**Goal of the exercise**
Across the entries below, how many lines contain the word "stroke"? Give the number alone.

(Items from a data source)
-- Opening Marker --
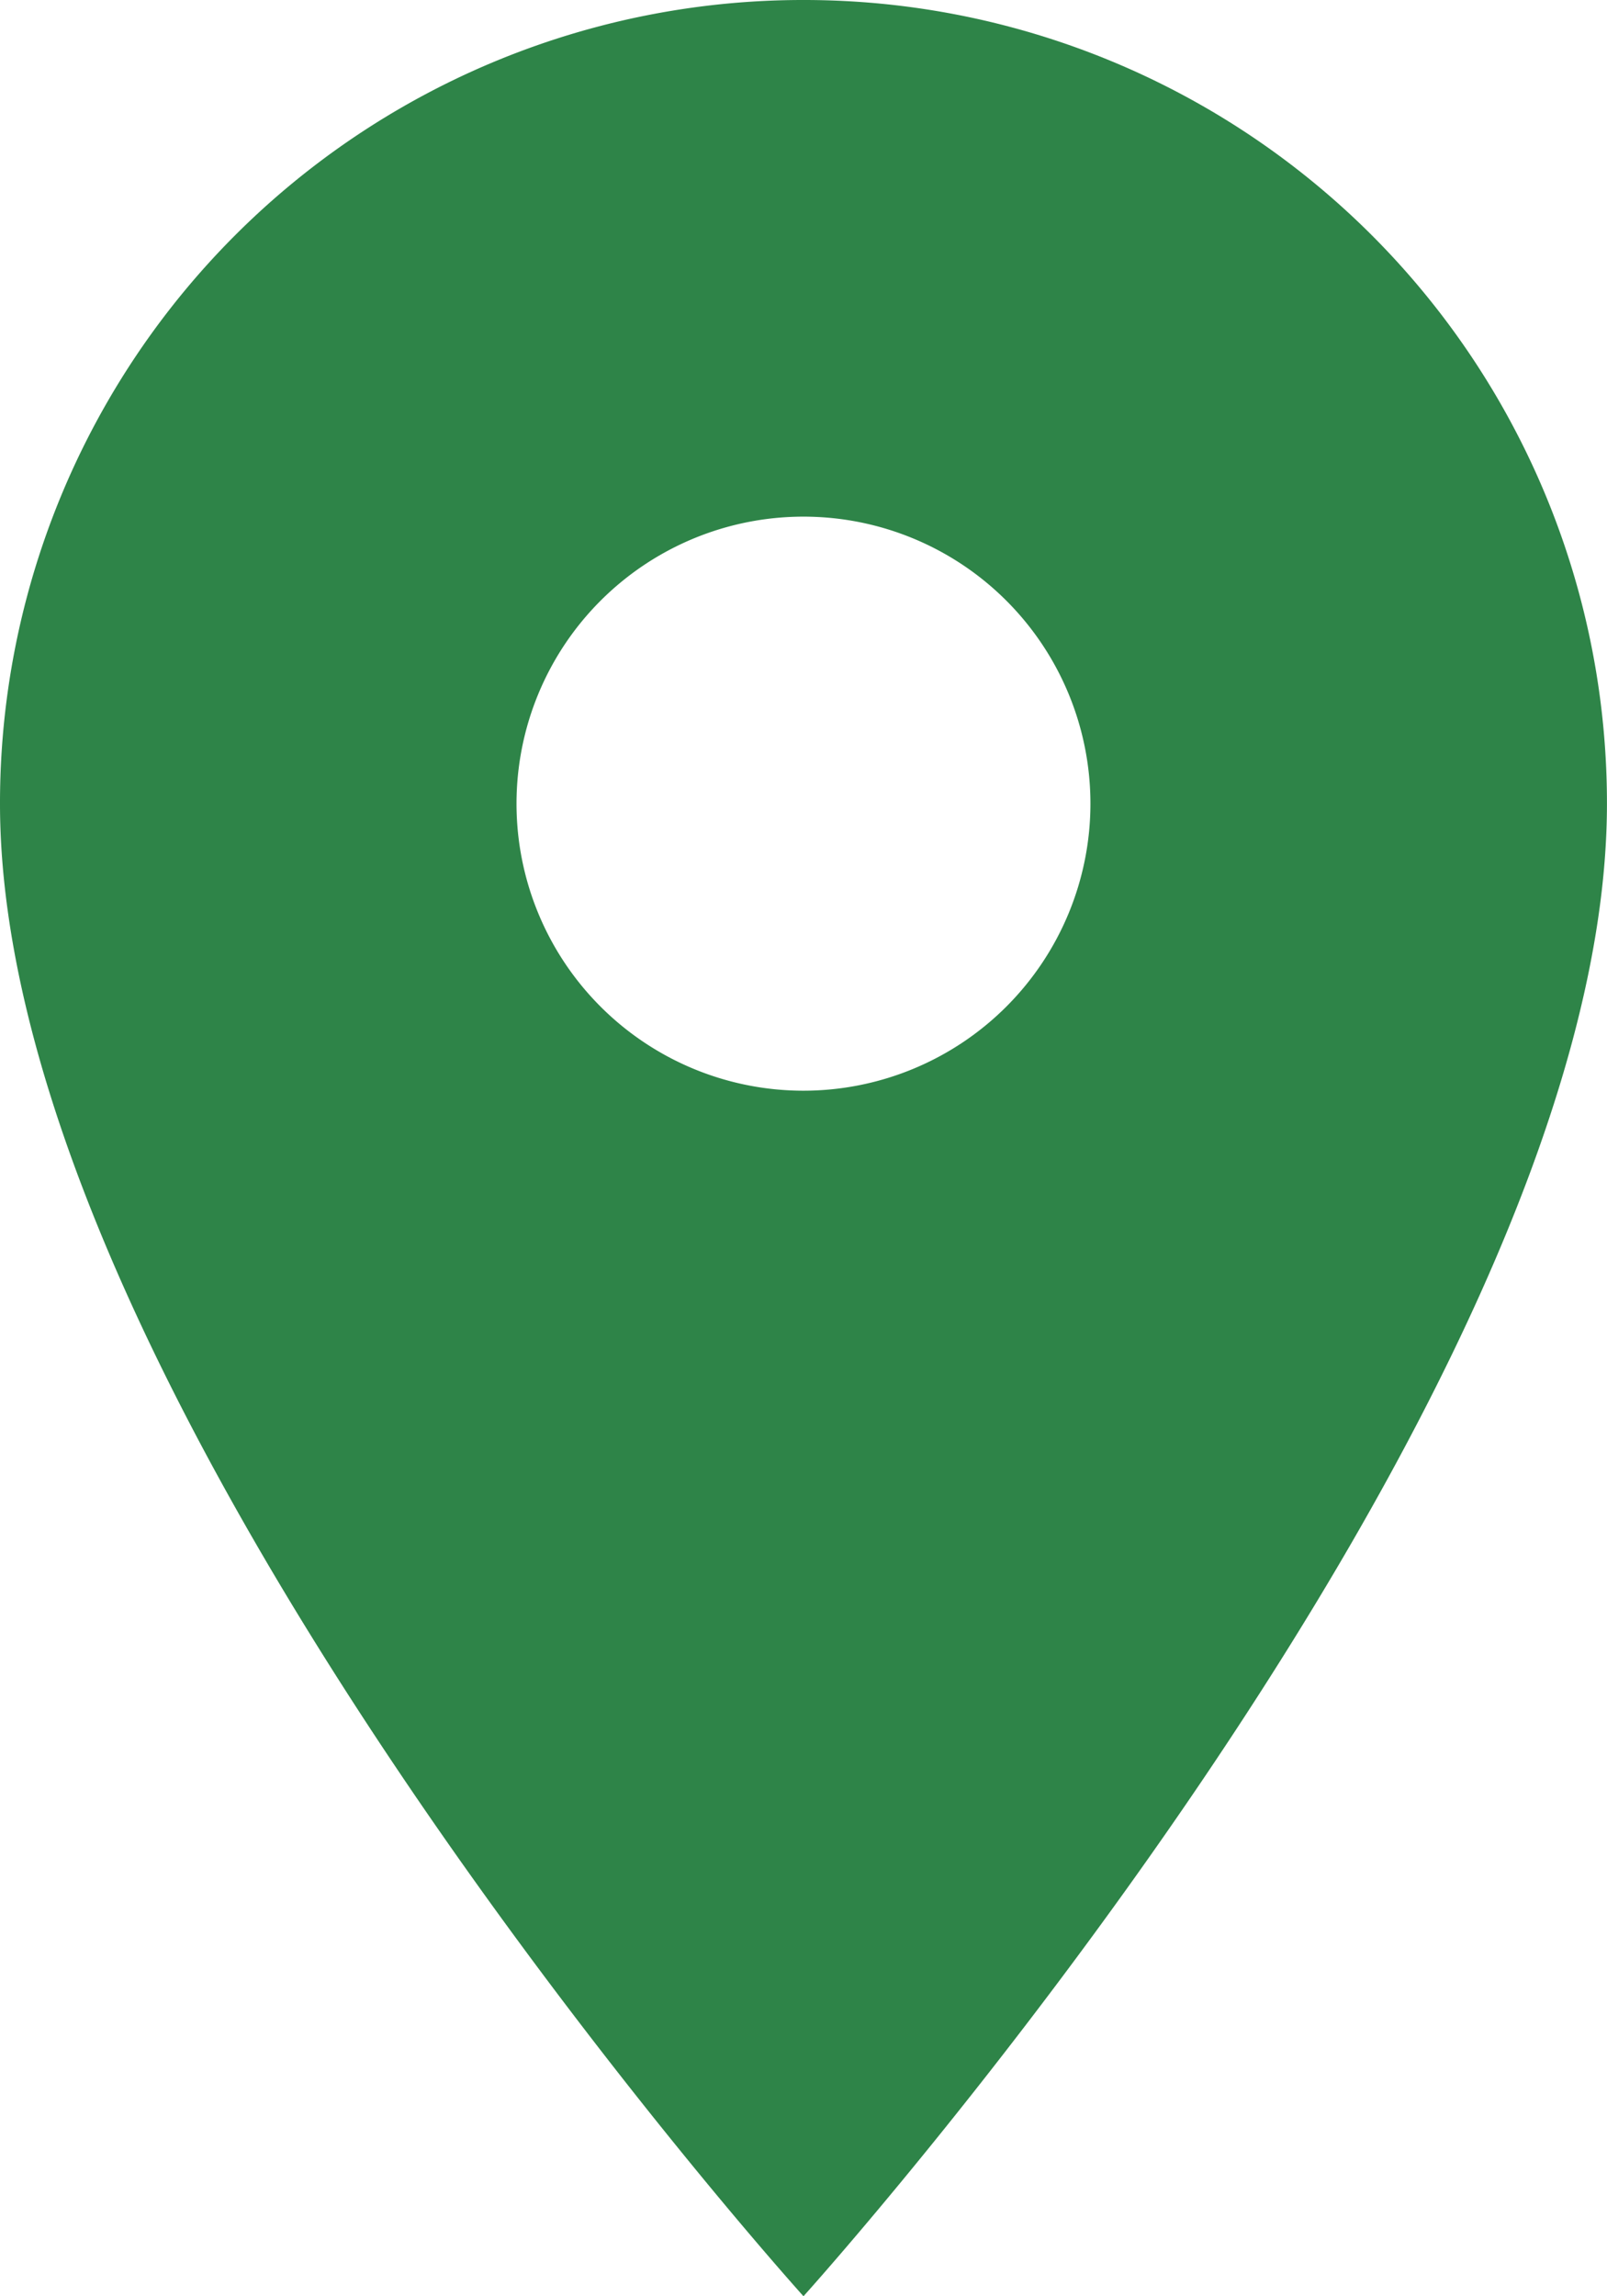 <svg xmlns="http://www.w3.org/2000/svg" width="30.963" height="44.232" viewBox="0 0 30.963 44.232">
  <path id="Icon_material-location-on" data-name="Icon material-location-on" d="M22.981,3A15.47,15.47,0,0,0,7.5,18.481c0,11.611,15.481,28.751,15.481,28.751s15.481-17.14,15.481-28.751A15.47,15.47,0,0,0,22.981,3Zm0,21.01a5.529,5.529,0,1,1,5.529-5.529A5.531,5.531,0,0,1,22.981,24.01Z" transform="translate(-7.5 -3)" fill="#2e8448"/>
</svg>
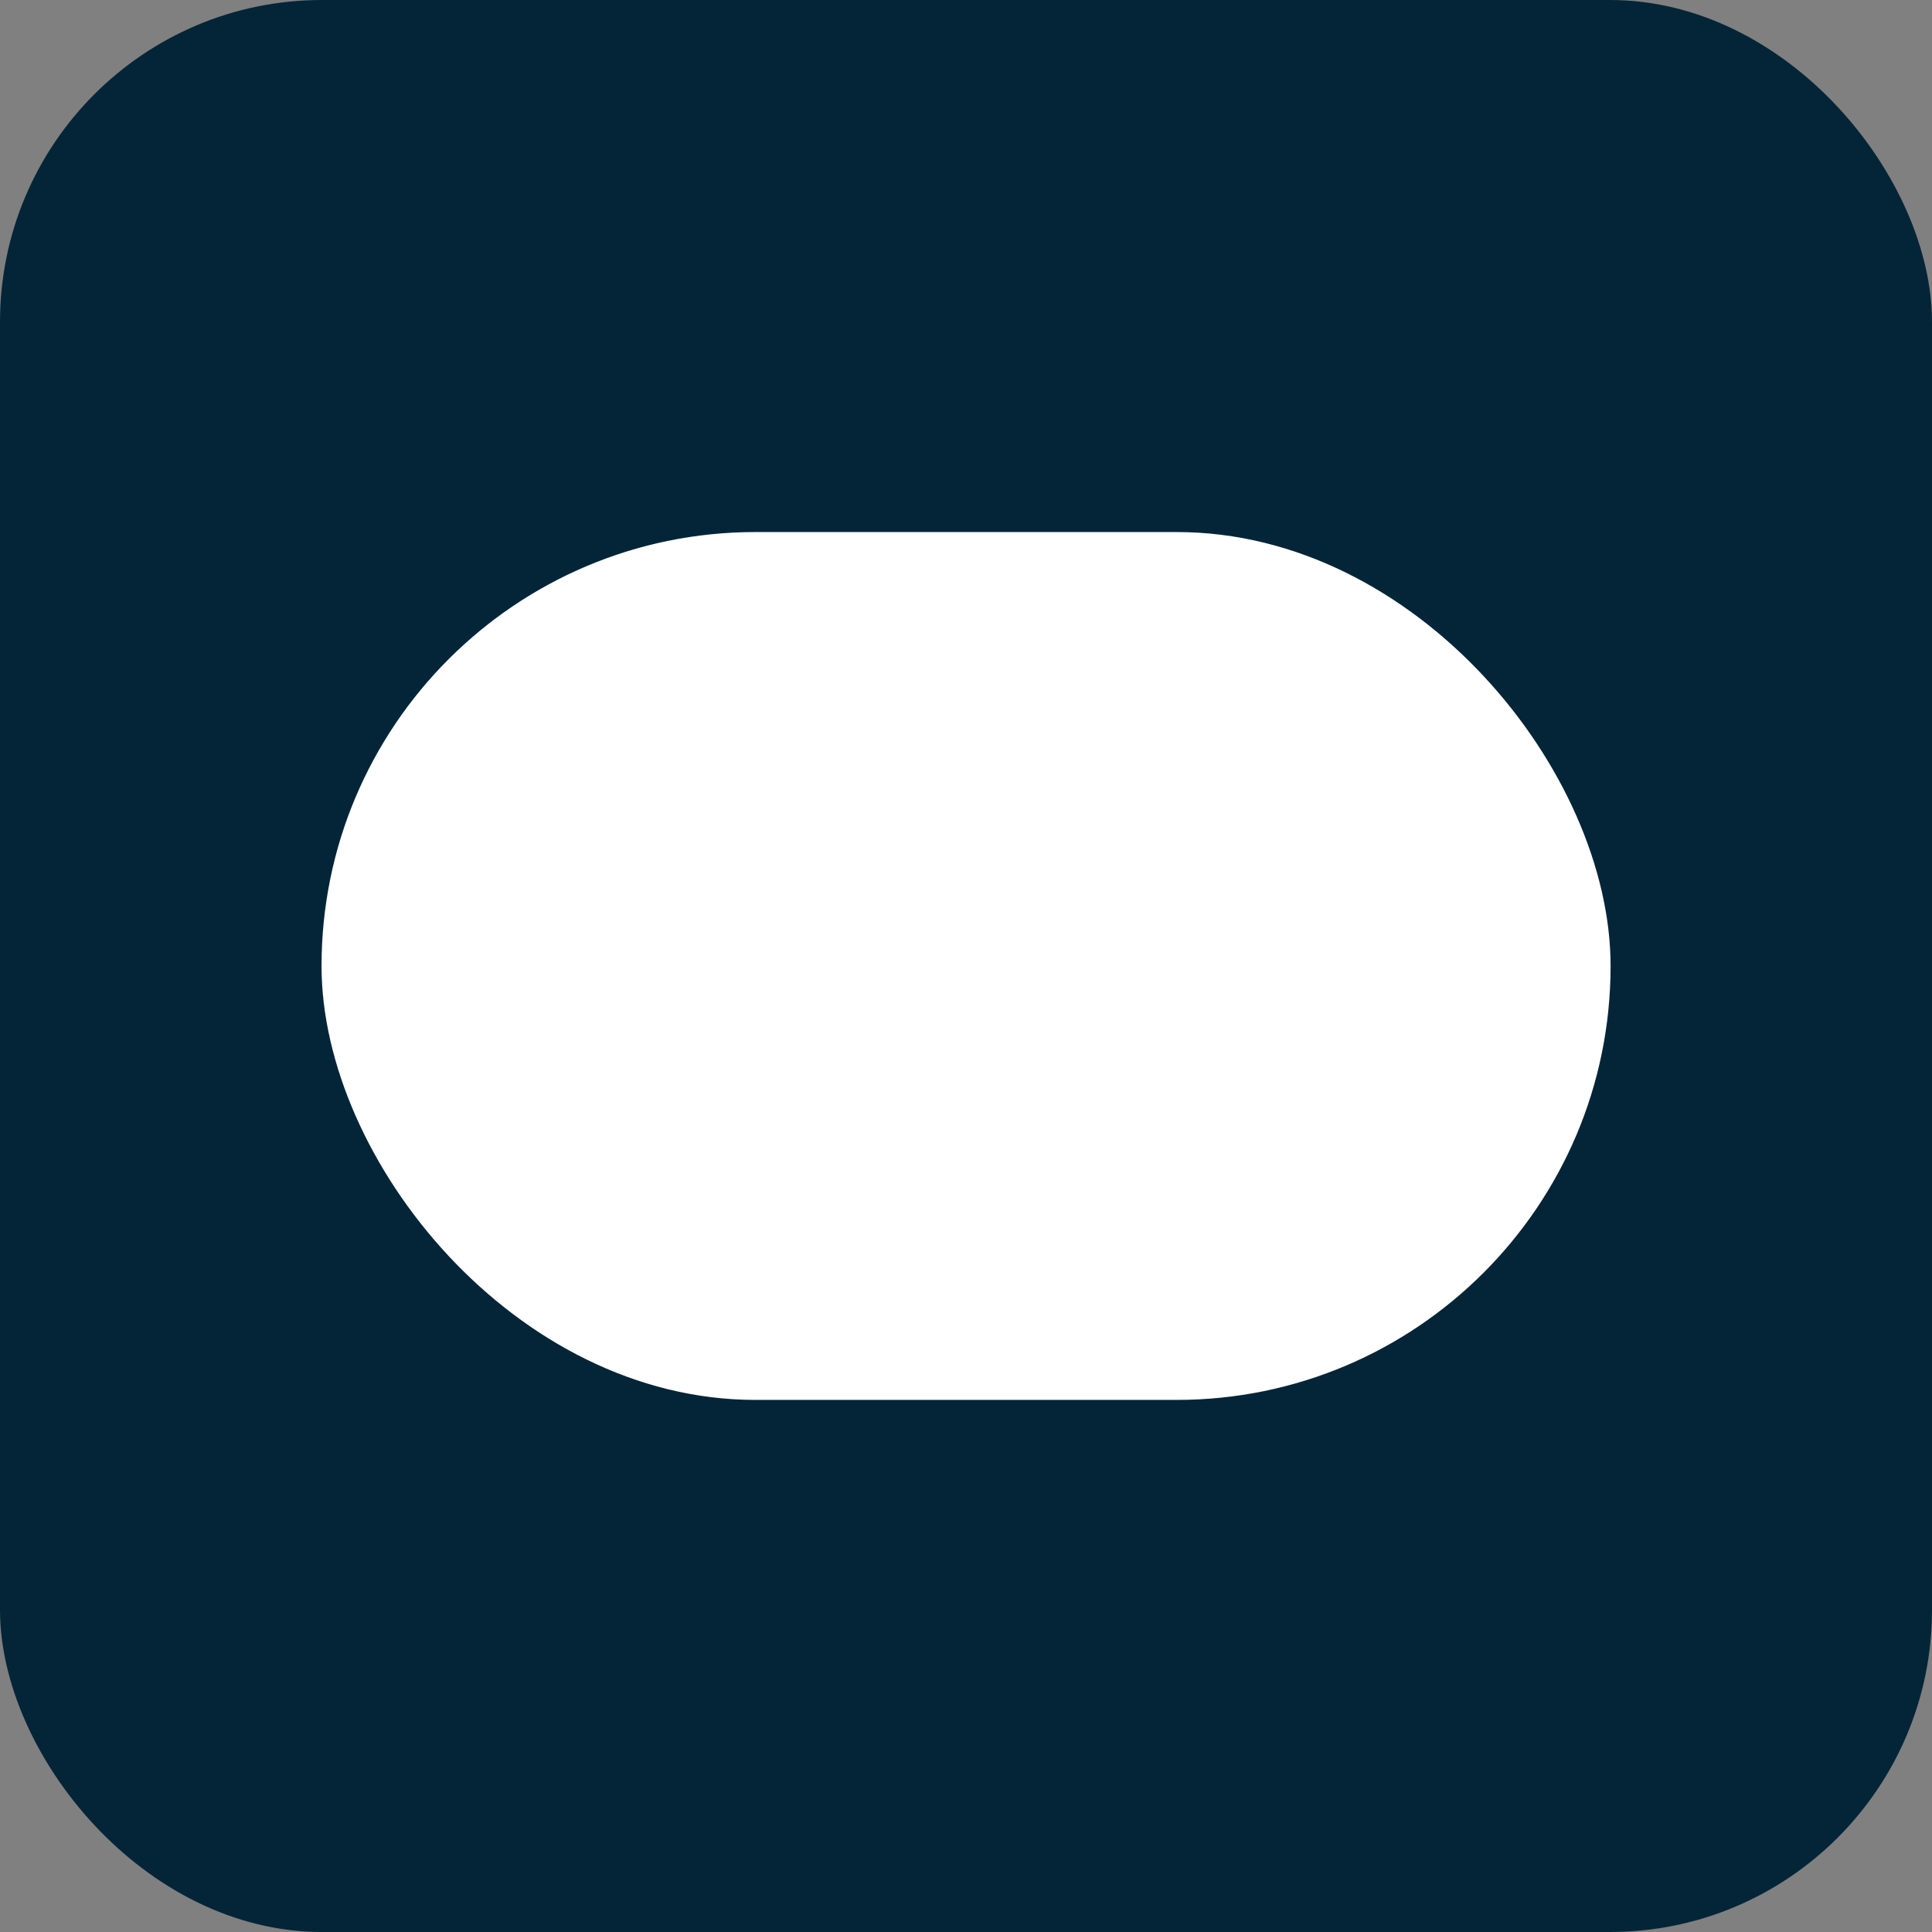 <?xml version="1.0" encoding="utf-8"?>
<svg width="48" height="48" viewBox="0 0 48 48" fill="none" xmlns="http://www.w3.org/2000/svg">
<rect x="0" y="0" width="48" height="48" fill="#808080" stroke="none"/>
<rect width="48" height="48" rx="8" fill="#042538"/>
<rect x="8.109" y="13.339" width="31.785" height="21.321" rx="10.661" fill="white" stroke="white" stroke-width="0.241"/>
</svg>
-- Closing Marker --
**Written response**
2